*What to work on*:
In how many lines of the records below does the word "light" appear? Reply with the number only.

*Data shown*:
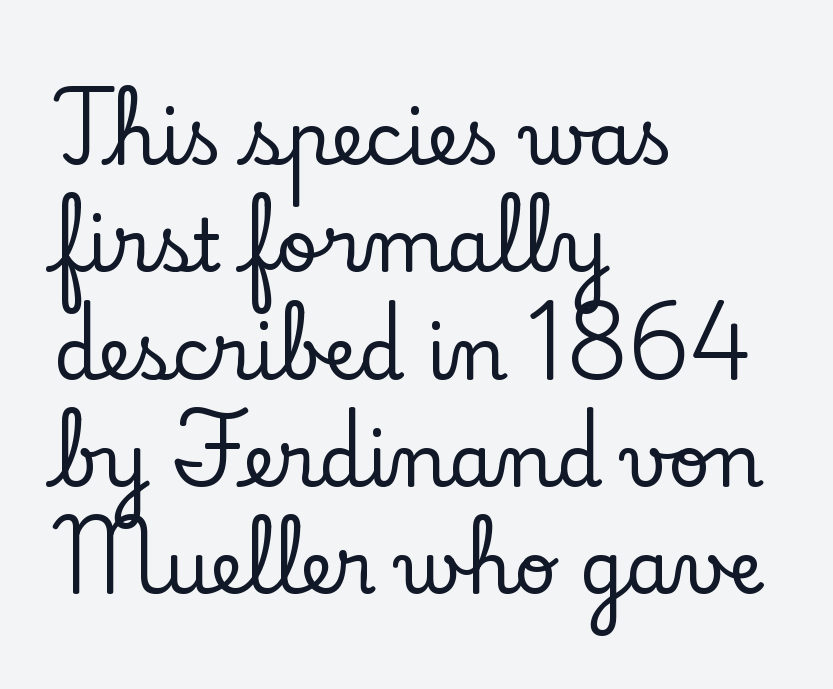
Classification — serif. The space directly below the letters is spotless. Words appear dense and cohesive because spacing is normal. Interline gaps are of average width in this sample. Do the letters lean? They stand straight.
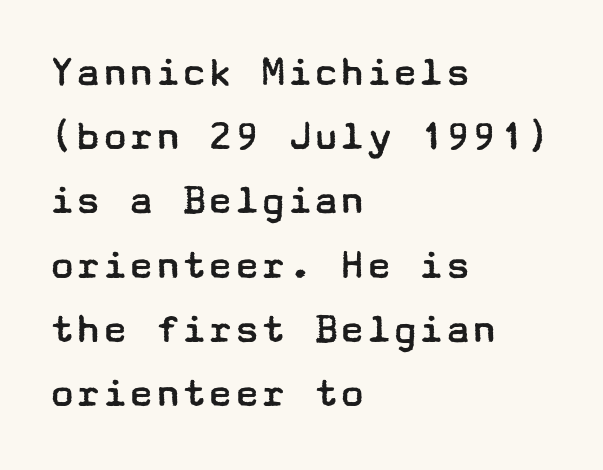
The face used here is a sans, in the tradition of grotesques and geometrics. Check under the words: just untouched page. The rows are spaced the way most documents space them. These glyphs show unthickened strokes, regular width or finer. Italic? Not at all — the glyphs are vertical. A classic flush-left, rag-right setting is used for this passage.
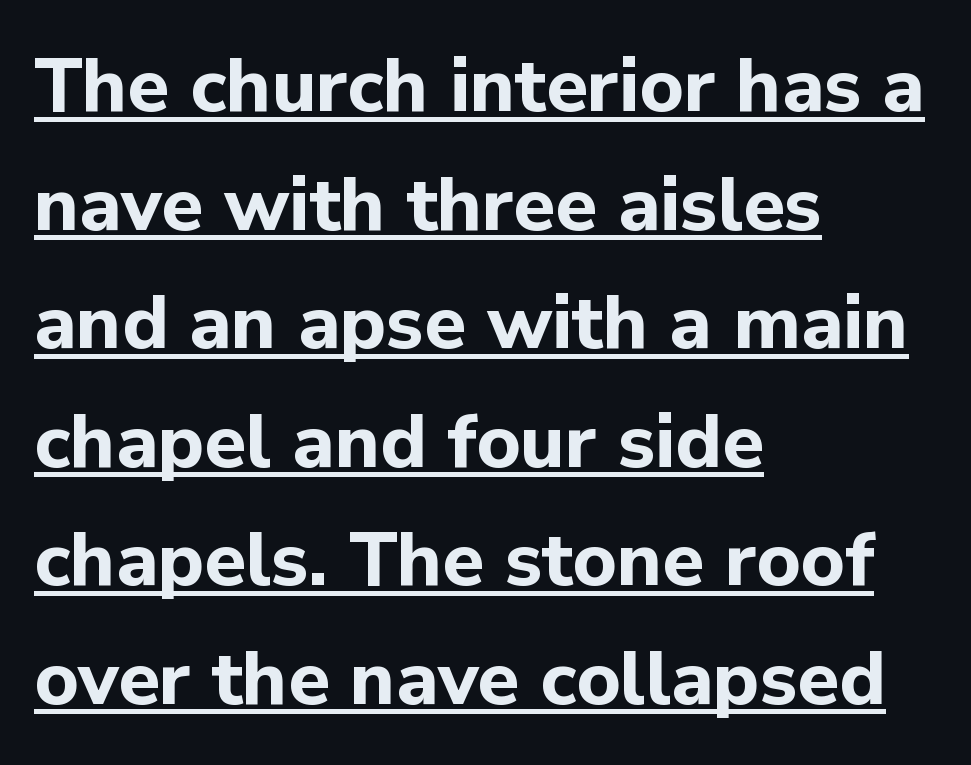
This sample uses plain, unmodified letter spacing. Each line starts at the same left margin while the right side varies. The passage shown is underscored from start to finish. Each letter keeps its own natural width here, so spacing adapts to shape. Each letter's strokes conclude bluntly, with no projecting serifs. Regular leading.
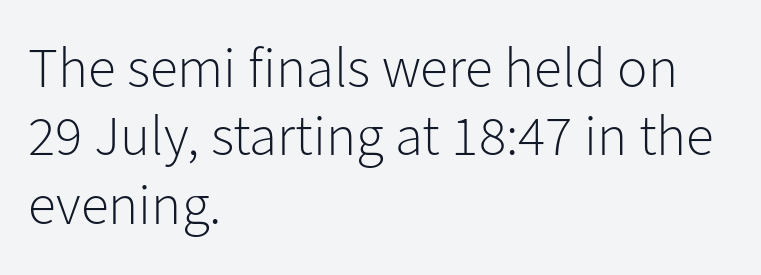
The image shows 57 px light sans-serif type, upright; set left-aligned, line spacing 1.2x, normal letter spacing, not underlined; low stroke contrast and a medium x-height.
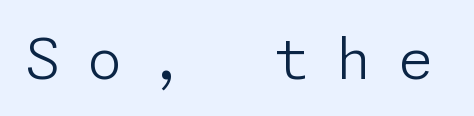
The image shows 57 px light sans-serif type, upright; set unusually wide letter spacing (+0.47 em), not underlined; low stroke contrast and a medium x-height.
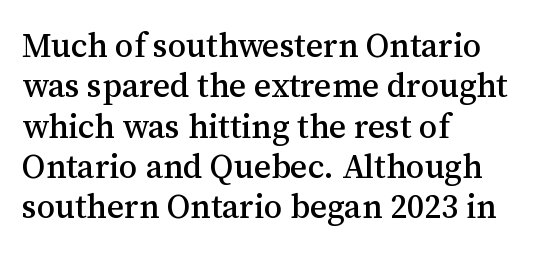
The image shows 33 px serif type, upright; set left-aligned, line spacing 1.22x, normal letter spacing, not underlined; medium stroke contrast and a medium x-height.
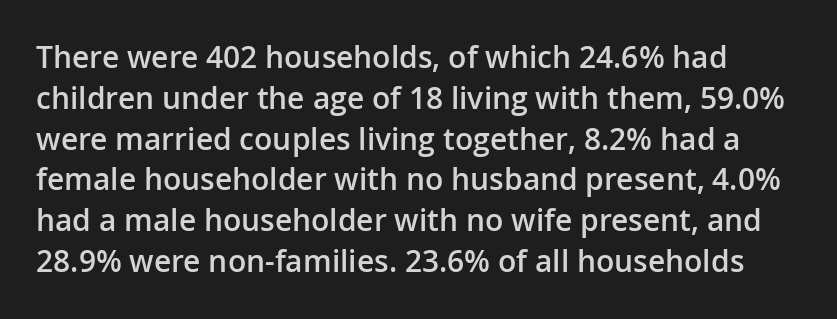
Q: Is the text bold? A: Semi-bold.
Q: Is the text italic (slanted)? A: No, it is upright.
Q: Is the typeface a serif or a sans-serif typeface? A: Sans-serif.
Q: Is the text underlined? A: No.
Q: Is the spacing between letters normal or unusually wide? A: Normal.
Q: Is the spacing between lines tight, normal or loose? A: Normal.
Q: Width (condensed, normal, or wide)? A: Normal.
Q: Stroke contrast? A: Low.
Q: x-height? A: Medium.
Q: Monospaced? A: No.
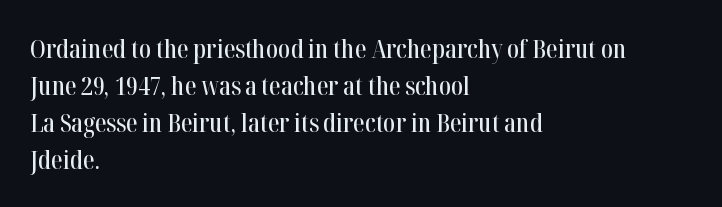
Inter-character spacing is left at the font's built-in metrics. Bare-footed words on every line. Every stem runs plumb, perpendicular to the baseline. Line spacing here is normal. Every row of glyphs begins at an identical x-position on the left.
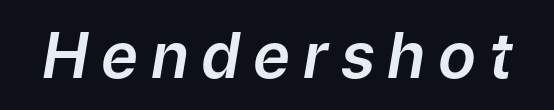
The image shows 63 px text type, italic (leaning right); set unusually wide letter spacing (+0.2 em), not underlined; low stroke contrast and a medium x-height.
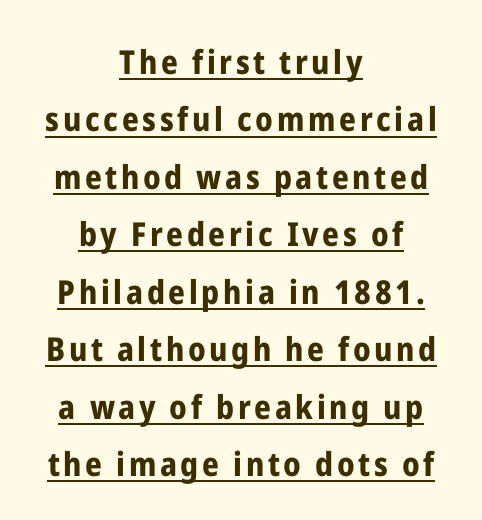
{"serif": "no", "italic": "no", "bold": "yes", "weight": "bold", "width": "condensed", "stroke_contrast": "low", "x_height": "medium", "monospaced": "no", "underline": "yes", "align": "center", "line_spacing_ratio": 1.74, "glyph_px": 33}
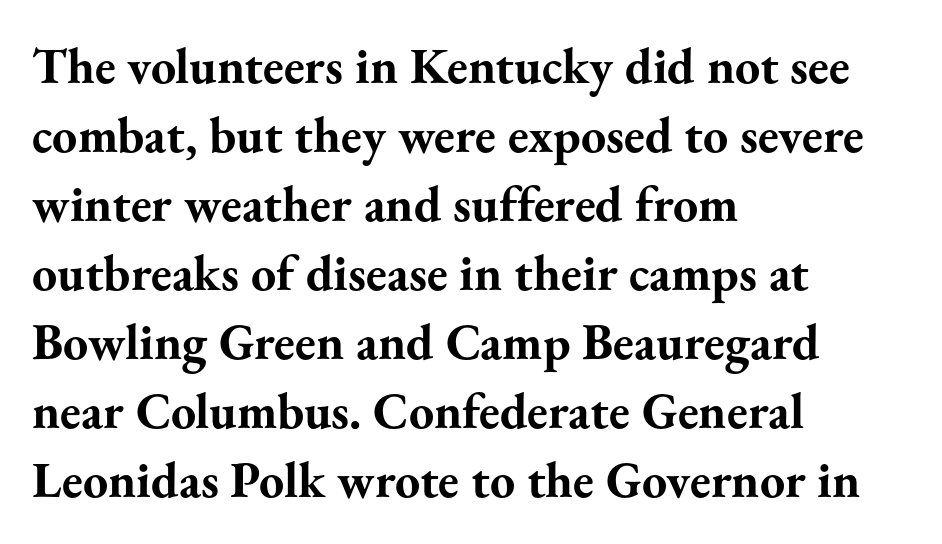
{"serif": "yes", "italic": "no", "bold": "yes", "weight": "bold", "width": "normal", "stroke_contrast": "medium", "x_height": "small", "monospaced": "no", "underline": "no", "align": "left", "line_spacing": "normal", "line_spacing_ratio": 1.38, "letter_spacing": "normal", "letter_spacing_em": 0.0, "glyph_px": 50}
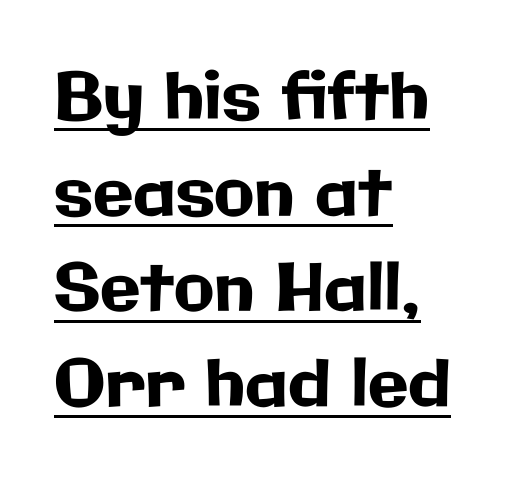
The image shows 66 px sans-serif type, upright; set left-aligned, normal line spacing (1.45x), normal letter spacing, underlined; low stroke contrast and a medium x-height.
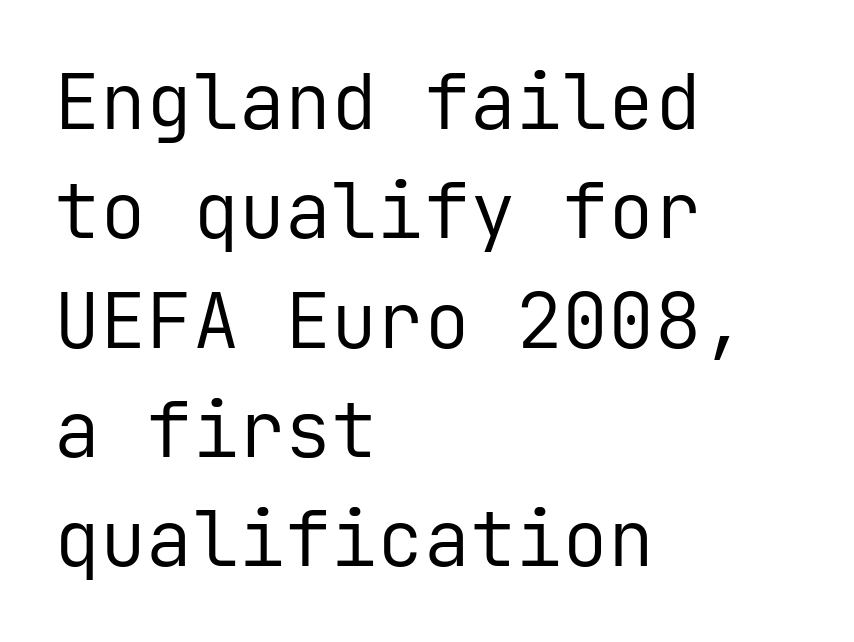
Q: Is the text bold? A: No.
Q: Is the text italic (slanted)? A: No, it is upright.
Q: Is the typeface a serif or a sans-serif typeface? A: Sans-serif.
Q: Is the text underlined? A: No.
Q: How is the paragraph aligned? A: Left-aligned.
Q: Is the spacing between letters normal or unusually wide? A: Normal.
Q: Is the spacing between lines tight, normal or loose? A: Normal.
Q: Width (condensed, normal, or wide)? A: Normal.
Q: Stroke contrast? A: Low.
Q: x-height? A: Medium.
Q: Monospaced? A: Yes.
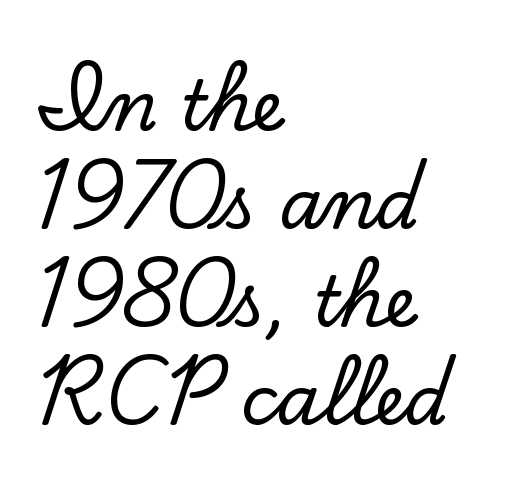
{"serif": "yes", "width": "normal", "stroke_contrast": "low", "x_height": "small", "monospaced": "no", "underline": "no", "align": "left", "line_spacing": "normal", "line_spacing_ratio": 1.42, "letter_spacing": "normal", "letter_spacing_em": 0.0, "glyph_px": 69}
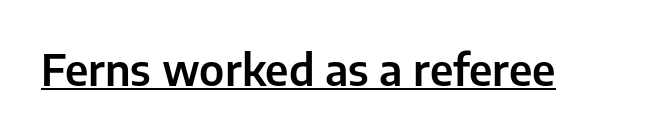
Q: Is the text italic (slanted)? A: No, it is upright.
Q: Is the typeface a serif or a sans-serif typeface? A: Sans-serif.
Q: Is the text underlined? A: Yes.
Q: Is the spacing between letters normal or unusually wide? A: Normal.
Q: Width (condensed, normal, or wide)? A: Normal.
Q: Stroke contrast? A: Low.
Q: x-height? A: Medium.
Q: Monospaced? A: No.
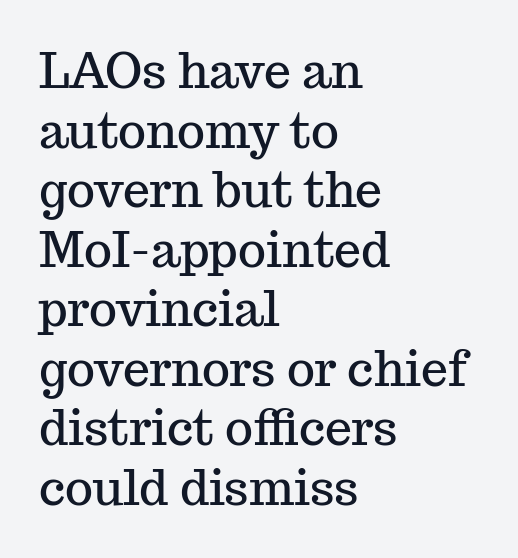
Unlike italic type, these characters show no tilt at all. Each letter keeps its own natural width here, so spacing adapts to shape. Letters rest on an invisible, unmarked baseline. The gaps between neighbouring characters are ordinary and unremarkable. This sample uses a serif face. The lines are quadded left.
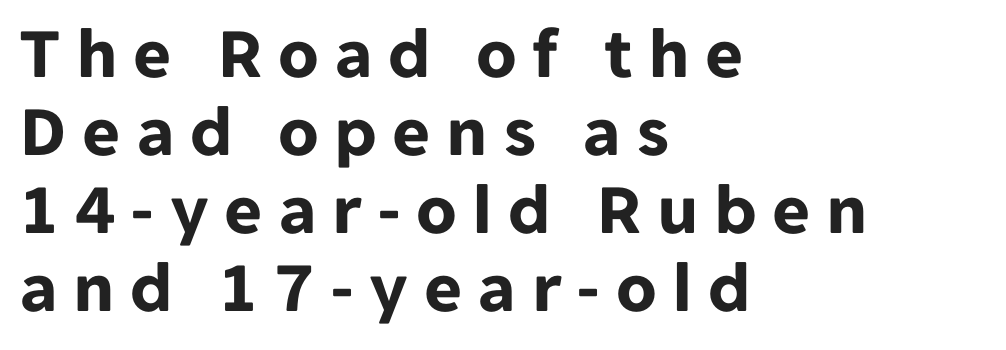
{"serif": "no", "italic": "no", "bold": "yes", "weight": "bold", "width": "normal", "stroke_contrast": "low", "x_height": "medium", "monospaced": "no", "underline": "no", "align": "left", "line_spacing": "tight", "line_spacing_ratio": 1.07, "letter_spacing": "wide", "letter_spacing_em": 0.21, "glyph_px": 73}

*Reply to the exercise*:
2